*WORK REQUIRED*. Retype precisely the section of the data that starts at the line containing "#113=EDGE_CURVE('',#99,#108,#112,.T.);" and runs to its final line, ends included.

*DATA FOR THIS EXERCISE*.

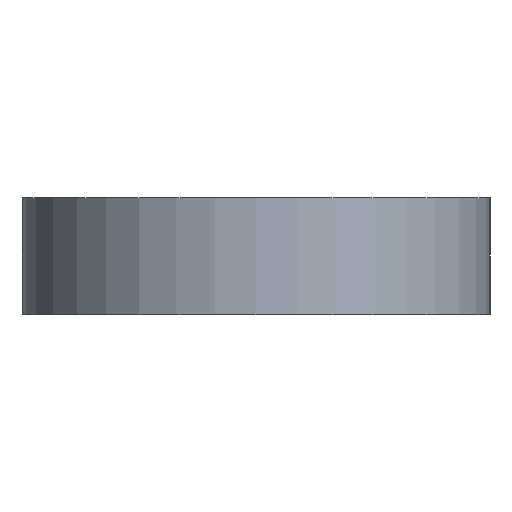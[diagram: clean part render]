
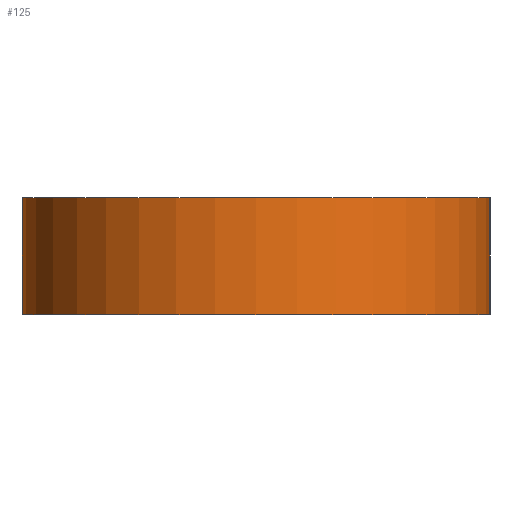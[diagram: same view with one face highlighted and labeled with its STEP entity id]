
A CAD part, left-side view. The second image highlights one B-rep face of the part: STEP entity #125.
In plain terms, the highlighted cylindrical face has radius 10 mm (diameter 20 mm), a partial arc.
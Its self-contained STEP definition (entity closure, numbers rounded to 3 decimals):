
#67=CARTESIAN_POINT('',(-120.,10.,0.));
#68=VERTEX_POINT('',#67);
#75=CARTESIAN_POINT('',(-120.,10.,5.));
#76=VERTEX_POINT('',#75);
#77=CARTESIAN_POINT('',(-120.,10.,0.));
#78=DIRECTION('',(0.,0.,1.));
#79=VECTOR('',#78,5.);
#80=LINE('',#77,#79);
#81=EDGE_CURVE('',#68,#76,#80,.T.);
#93=CARTESIAN_POINT('',(-120.,0.,0.));
#94=DIRECTION('',(0.,1.,0.));
#95=DIRECTION('',(0.,0.,1.));
#96=AXIS2_PLACEMENT_3D('',#93,#95,#94);
#97=CYLINDRICAL_SURFACE('',#96,10.);
#98=CARTESIAN_POINT('',(-120.,-10.,0.));
#99=VERTEX_POINT('',#98);
#100=CARTESIAN_POINT('',(-120.,0.,0.));
#101=DIRECTION('',(0.,1.,0.));
#102=DIRECTION('',(0.,0.,1.));
#103=AXIS2_PLACEMENT_3D('',#100,#102,#101);
#104=CIRCLE('',#103,10.);
#105=EDGE_CURVE('',#68,#99,#104,.T.);
#106=ORIENTED_EDGE('E3',*,*,#105,.T.);
#107=CARTESIAN_POINT('',(-120.,-10.,5.));
#108=VERTEX_POINT('',#107);
#109=CARTESIAN_POINT('',(-120.,-10.,0.));
#110=DIRECTION('',(0.,0.,1.));
#111=VECTOR('',#110,5.);
#112=LINE('',#109,#111);
#113=EDGE_CURVE('',#99,#108,#112,.T.);
#114=ORIENTED_EDGE('E11',*,*,#113,.T.);
#115=CARTESIAN_POINT('',(-120.,0.,5.));
#116=DIRECTION('',(0.,1.,0.));
#117=DIRECTION('',(0.,0.,1.));
#118=AXIS2_PLACEMENT_3D('',#115,#117,#116);
#119=CIRCLE('',#118,10.);
#120=EDGE_CURVE('',#76,#108,#119,.T.);
#121=ORIENTED_EDGE('E7',*,*,#120,.F.);
#122=ORIENTED_EDGE('E7',*,*,#81,.F.);
#123=EDGE_LOOP('',(#106,#114,#121,#122));
#124=FACE_OUTER_BOUND('',#123,.T.);
#125=ADVANCED_FACE('F9',(#124),#97,.T.);

*PROBLEM SOLUTION*.
#113=EDGE_CURVE('',#99,#108,#112,.T.);
#114=ORIENTED_EDGE('E11',*,*,#113,.T.);
#115=CARTESIAN_POINT('',(-120.,0.,5.));
#116=DIRECTION('',(0.,1.,0.));
#117=DIRECTION('',(0.,0.,1.));
#118=AXIS2_PLACEMENT_3D('',#115,#117,#116);
#119=CIRCLE('',#118,10.);
#120=EDGE_CURVE('',#76,#108,#119,.T.);
#121=ORIENTED_EDGE('E7',*,*,#120,.F.);
#122=ORIENTED_EDGE('E7',*,*,#81,.F.);
#123=EDGE_LOOP('',(#106,#114,#121,#122));
#124=FACE_OUTER_BOUND('',#123,.T.);
#125=ADVANCED_FACE('F9',(#124),#97,.T.);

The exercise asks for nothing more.